The experiments have been conducted on two ~10 kg Spacecraft Simulators that float via air-pads over a 4-by-4 meter polished granite monolith surface recreating a reduced gravity and a quasi-friction-less motion in two translational and one rotational degrees-of-freedom (planar motion). By using eight cold-gas thrusters and a reaction wheel, the Spacecraft Simulators are capable of autonomous motion over the floating surface. An onboard tank of compressed air (propellant), a power system and on-board computer give full autonomy to the Spacecraft Simulators. All the required processing (sensor readings, communications, navigation, guidance and control, and actuator commanding) is handled on-board in real-time. The experimental set-up will be described in detail. The navigation problem has been considered solved with the Spacecraft Simulators sensing their position and attitude by using an overhead optical positioning system (VICON) augmented by an on-board Fiber Optics Gyroscope. The accuracy of the Spacecraft Simulator position and attitude knowledge (as well as the knowledge of the target state) can be artificially deteriorated to simulate real sensor limitations and constraints (e.g precision and field-of-view of a RADAR system).
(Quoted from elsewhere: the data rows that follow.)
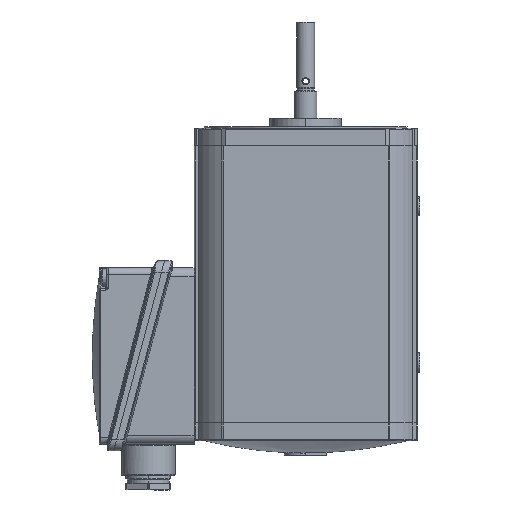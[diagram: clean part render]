
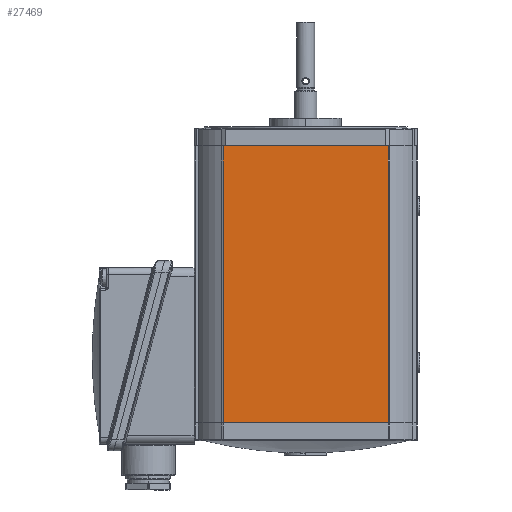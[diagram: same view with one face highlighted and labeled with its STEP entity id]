
A CAD part, left-side view. The second image highlights one B-rep face of the part: STEP entity #27469.
In plain terms, the highlighted planar face has unit normal (-1, 0, 0).
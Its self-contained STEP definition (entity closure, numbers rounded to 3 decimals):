
#4093 = CARTESIAN_POINT ( 'NONE',  ( -50., -37., -126. ) ) ;
#4097 = PLANE ( 'NONE',  #4754 ) ;
#4099 = DIRECTION ( 'NONE',  ( -1., 0., 0. ) ) ;
#4100 = DIRECTION ( 'NONE',  ( 0., 0., 1. ) ) ;
#4754 = AXIS2_PLACEMENT_3D ( 'NONE', #4093, #4099, #4100 ) ;
#7161 = LINE ( 'NONE', #21820, #7171 ) ;
#7171 = VECTOR ( 'NONE', #21816, 1000. ) ;
#7173 = LINE ( 'NONE', #21828, #7177 ) ;
#7177 = VECTOR ( 'NONE', #21834, 1000. ) ;
#7188 = LINE ( 'NONE', #21853, #7190 ) ;
#7190 = VECTOR ( 'NONE', #21854, 1000. ) ;
#7203 = LINE ( 'NONE', #22026, #7206 ) ;
#7206 = VECTOR ( 'NONE', #22027, 1000. ) ;
#12803 = FACE_OUTER_BOUND ( 'NONE', #16118, .T. ) ;
#13113 = CARTESIAN_POINT ( 'NONE',  ( -50., 37., -1. ) ) ;
#13124 = CARTESIAN_POINT ( 'NONE',  ( -50., 37., -125. ) ) ;
#13125 = CARTESIAN_POINT ( 'NONE',  ( -50., -37., -1. ) ) ;
#13132 = CARTESIAN_POINT ( 'NONE',  ( -50., -37., -125. ) ) ;
#16118 = EDGE_LOOP ( 'NONE', ( #32327, #32328, #32329, #32330 ) ) ;
#17700 = VERTEX_POINT ( 'NONE', #13113 ) ;
#17714 = VERTEX_POINT ( 'NONE', #13124 ) ;
#17715 = VERTEX_POINT ( 'NONE', #13125 ) ;
#17722 = VERTEX_POINT ( 'NONE', #13132 ) ;
#21816 = DIRECTION ( 'NONE',  ( 0., 0., 1. ) ) ;
#21820 = CARTESIAN_POINT ( 'NONE',  ( -50., -37., -126. ) ) ;
#21828 = CARTESIAN_POINT ( 'NONE',  ( -50., -37., -125. ) ) ;
#21834 = DIRECTION ( 'NONE',  ( 0., -1., 0. ) ) ;
#21853 = CARTESIAN_POINT ( 'NONE',  ( -50., 37., -126. ) ) ;
#21854 = DIRECTION ( 'NONE',  ( 0., 0., -1. ) ) ;
#22026 = CARTESIAN_POINT ( 'NONE',  ( -50., -37., -1. ) ) ;
#22027 = DIRECTION ( 'NONE',  ( 0., 1., 0. ) ) ;
#27469 = ADVANCED_FACE ( 'NONE', ( #12803 ), #4097, .T. ) ;
#30566 = EDGE_CURVE ( 'NONE', #17722, #17715, #7161, .T. ) ;
#30570 = EDGE_CURVE ( 'NONE', #17714, #17722, #7173, .T. ) ;
#30580 = EDGE_CURVE ( 'NONE', #17700, #17714, #7188, .T. ) ;
#30592 = EDGE_CURVE ( 'NONE', #17715, #17700, #7203, .T. ) ;
#32327 = ORIENTED_EDGE ( 'NONE', *, *, #30580, .T. ) ;
#32328 = ORIENTED_EDGE ( 'NONE', *, *, #30570, .T. ) ;
#32329 = ORIENTED_EDGE ( 'NONE', *, *, #30566, .T. ) ;
#32330 = ORIENTED_EDGE ( 'NONE', *, *, #30592, .T. ) ;
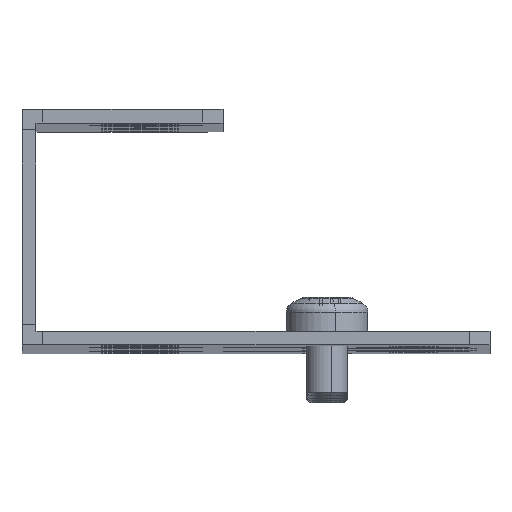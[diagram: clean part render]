
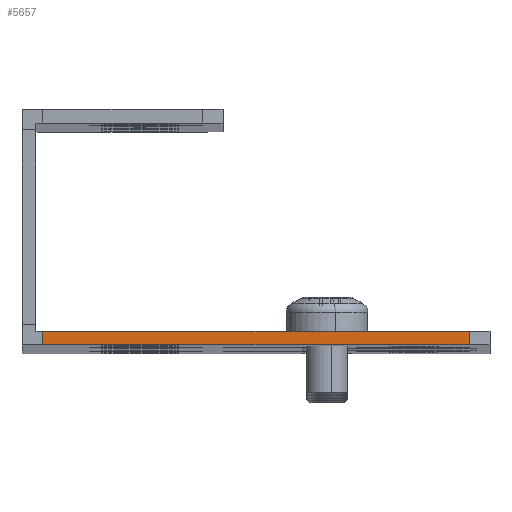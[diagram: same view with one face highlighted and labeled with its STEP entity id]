
A CAD part, top view. The second image highlights one B-rep face of the part: STEP entity #5657.
In plain terms, the highlighted planar face has unit normal (0, 0, 1).
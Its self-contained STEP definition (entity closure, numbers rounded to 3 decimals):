
#652 = CARTESIAN_POINT ( 'NONE',  ( -63.5, -34., 0. ) ) ;
#948 = ORIENTED_EDGE ( 'NONE', *, *, #4565, .T. ) ;
#1427 = LINE ( 'NONE', #8712, #1583 ) ;
#1487 = LINE ( 'NONE', #6309, #7229 ) ;
#1583 = VECTOR ( 'NONE', #7768, 1000. ) ;
#2155 = VERTEX_POINT ( 'NONE', #7409 ) ;
#2403 = EDGE_CURVE ( 'NONE', #11792, #8948, #1487, .T. ) ;
#3381 = ORIENTED_EDGE ( 'NONE', *, *, #2403, .T. ) ;
#3843 = VECTOR ( 'NONE', #12097, 1000. ) ;
#3977 = DIRECTION ( 'NONE',  ( 1., 0., 0. ) ) ;
#4003 = ORIENTED_EDGE ( 'NONE', *, *, #11220, .T. ) ;
#4565 = EDGE_CURVE ( 'NONE', #2155, #11792, #5588, .T. ) ;
#4658 = VERTEX_POINT ( 'NONE', #6473 ) ;
#5588 = LINE ( 'NONE', #652, #3843 ) ;
#5657 = ADVANCED_FACE ( 'NONE', ( #11278 ), #8727, .T. ) ;
#5797 = LINE ( 'NONE', #5923, #11912 ) ;
#5923 = CARTESIAN_POINT ( 'NONE',  ( -63.5, -32., 0. ) ) ;
#6309 = CARTESIAN_POINT ( 'NONE',  ( -3., -34., 0. ) ) ;
#6372 = ORIENTED_EDGE ( 'NONE', *, *, #6459, .F. ) ;
#6459 = EDGE_CURVE ( 'NONE', #4658, #8948, #5797, .T. ) ;
#6473 = CARTESIAN_POINT ( 'NONE',  ( -64.5, -32., 0. ) ) ;
#7229 = VECTOR ( 'NONE', #10124, 1000. ) ;
#7409 = CARTESIAN_POINT ( 'NONE',  ( -64.5, -34., 0. ) ) ;
#7484 = DIRECTION ( 'NONE',  ( 0., 1., 0. ) ) ;
#7608 = CARTESIAN_POINT ( 'NONE',  ( -3., -34., 0. ) ) ;
#7768 = DIRECTION ( 'NONE',  ( 0., -1., 0. ) ) ;
#8354 = EDGE_LOOP ( 'NONE', ( #6372, #4003, #948, #3381 ) ) ;
#8712 = CARTESIAN_POINT ( 'NONE',  ( -64.5, -32., 0. ) ) ;
#8727 = PLANE ( 'NONE',  #11885 ) ;
#8948 = VERTEX_POINT ( 'NONE', #12138 ) ;
#10124 = DIRECTION ( 'NONE',  ( 0., 1., 0. ) ) ;
#10530 = CARTESIAN_POINT ( 'NONE',  ( -63.5, -34., 0. ) ) ;
#11220 = EDGE_CURVE ( 'NONE', #4658, #2155, #1427, .T. ) ;
#11278 = FACE_OUTER_BOUND ( 'NONE', #8354, .T. ) ;
#11792 = VERTEX_POINT ( 'NONE', #7608 ) ;
#11885 = AXIS2_PLACEMENT_3D ( 'NONE', #10530, #12344, #7484 ) ;
#11912 = VECTOR ( 'NONE', #3977, 1000. ) ;
#12097 = DIRECTION ( 'NONE',  ( 1., 0., 0. ) ) ;
#12138 = CARTESIAN_POINT ( 'NONE',  ( -3., -32., 0. ) ) ;
#12344 = DIRECTION ( 'NONE',  ( 0., 0., 1. ) ) ;

With the Model Predictive Control framework, a cost function (e.g fuel consumption) subject to system dynamics and constraints (e.g. maximum available control actuation level and obstacle avoidance) is minimized over a discretized time period with a finite prediction horizon. By solving the optimization problem, a control input for each discrete time sequence is generated.
In the Inverse Dynamics Control approach the trajectory of the spacecraft is simplified to a known function depending on a set of parameters (e.g. a polynomial). The desired initial and final conditions are then imposed on that trajectory and the parameters that are left unset are then optimized to meet other constrains whilst minimizing a cost function (e.g. fuel consumption). The control input to follow the prescribed trajectory is then generated from the prescribed trajectory and applied to the system.
Both guidance and control approaches eventually reduce to two different non-linear optimization problems that need to be solved periodically in order to provide the control inputs. In this study, the open-source Interior Point OPTimizer (IPOPT) software package has been used.
The set of test scenarios that have been conducted are designed to represent a wide set of rendezvous and proximity operations scenarios (unconstrained and constrained, cooperative and uncooperative docking and proximity operations with or without obstacle avoidance). The goal has been to define a set of tests that can be used to benchmark different guidance algorithms so that a meaningful comparison of different approaches can be made.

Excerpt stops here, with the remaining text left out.